Segment Start: The input

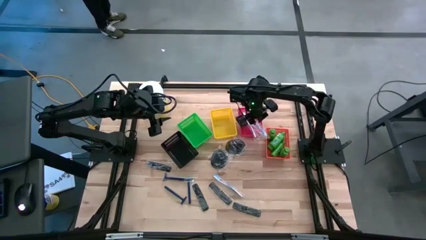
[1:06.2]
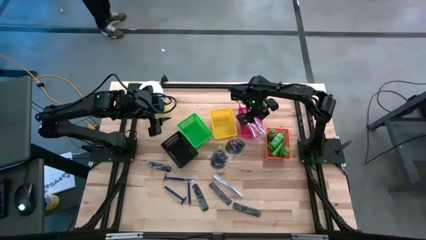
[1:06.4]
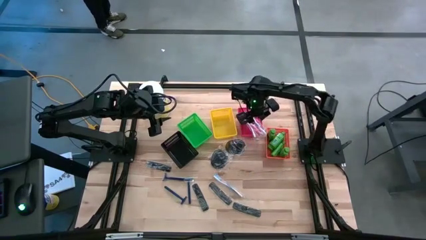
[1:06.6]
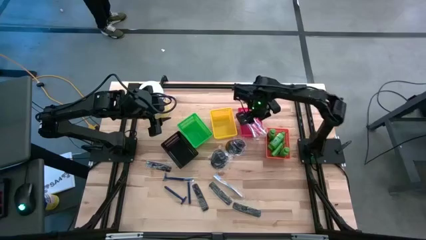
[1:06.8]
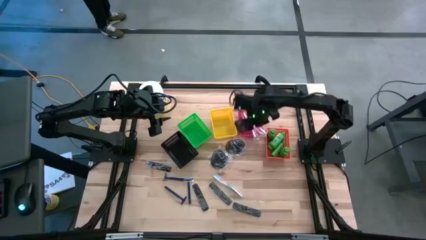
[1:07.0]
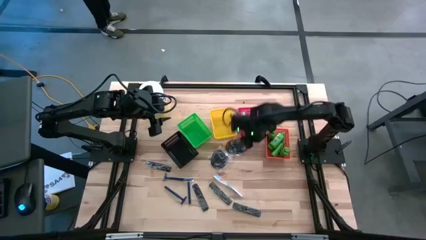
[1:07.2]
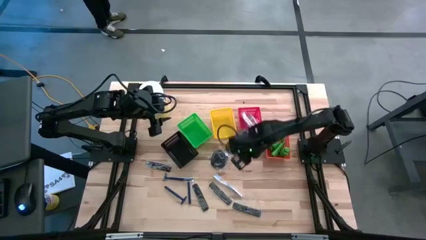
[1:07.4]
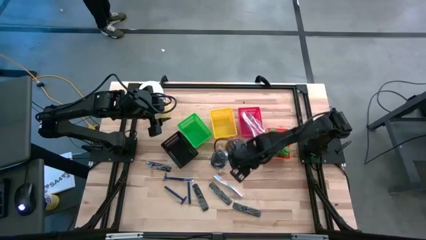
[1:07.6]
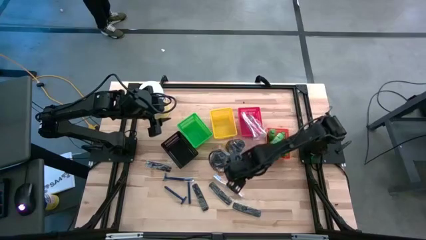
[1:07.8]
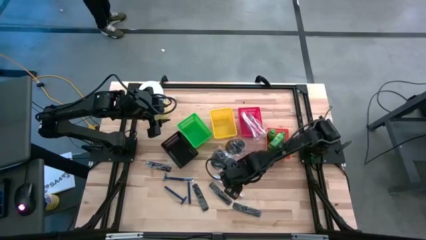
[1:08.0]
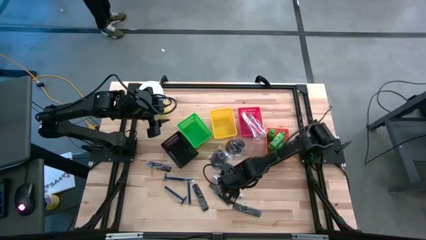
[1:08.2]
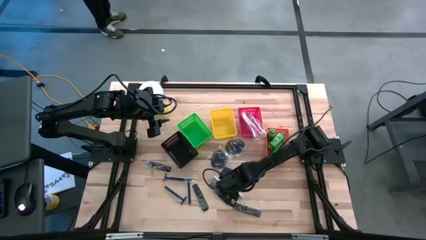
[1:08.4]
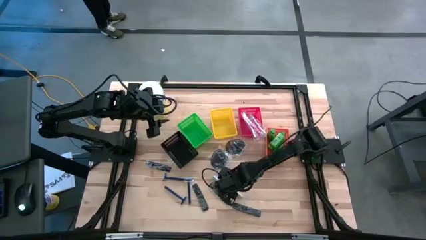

Segment End: The input

- Prompt -
Repeat the data word for word; drop the pictures.

- Written answer -
[1:06.2]
[1:06.4]
[1:06.6]
[1:06.8]
[1:07.0]
[1:07.2]
[1:07.4]
[1:07.6]
[1:07.8]
[1:08.0]
[1:08.2]
[1:08.4]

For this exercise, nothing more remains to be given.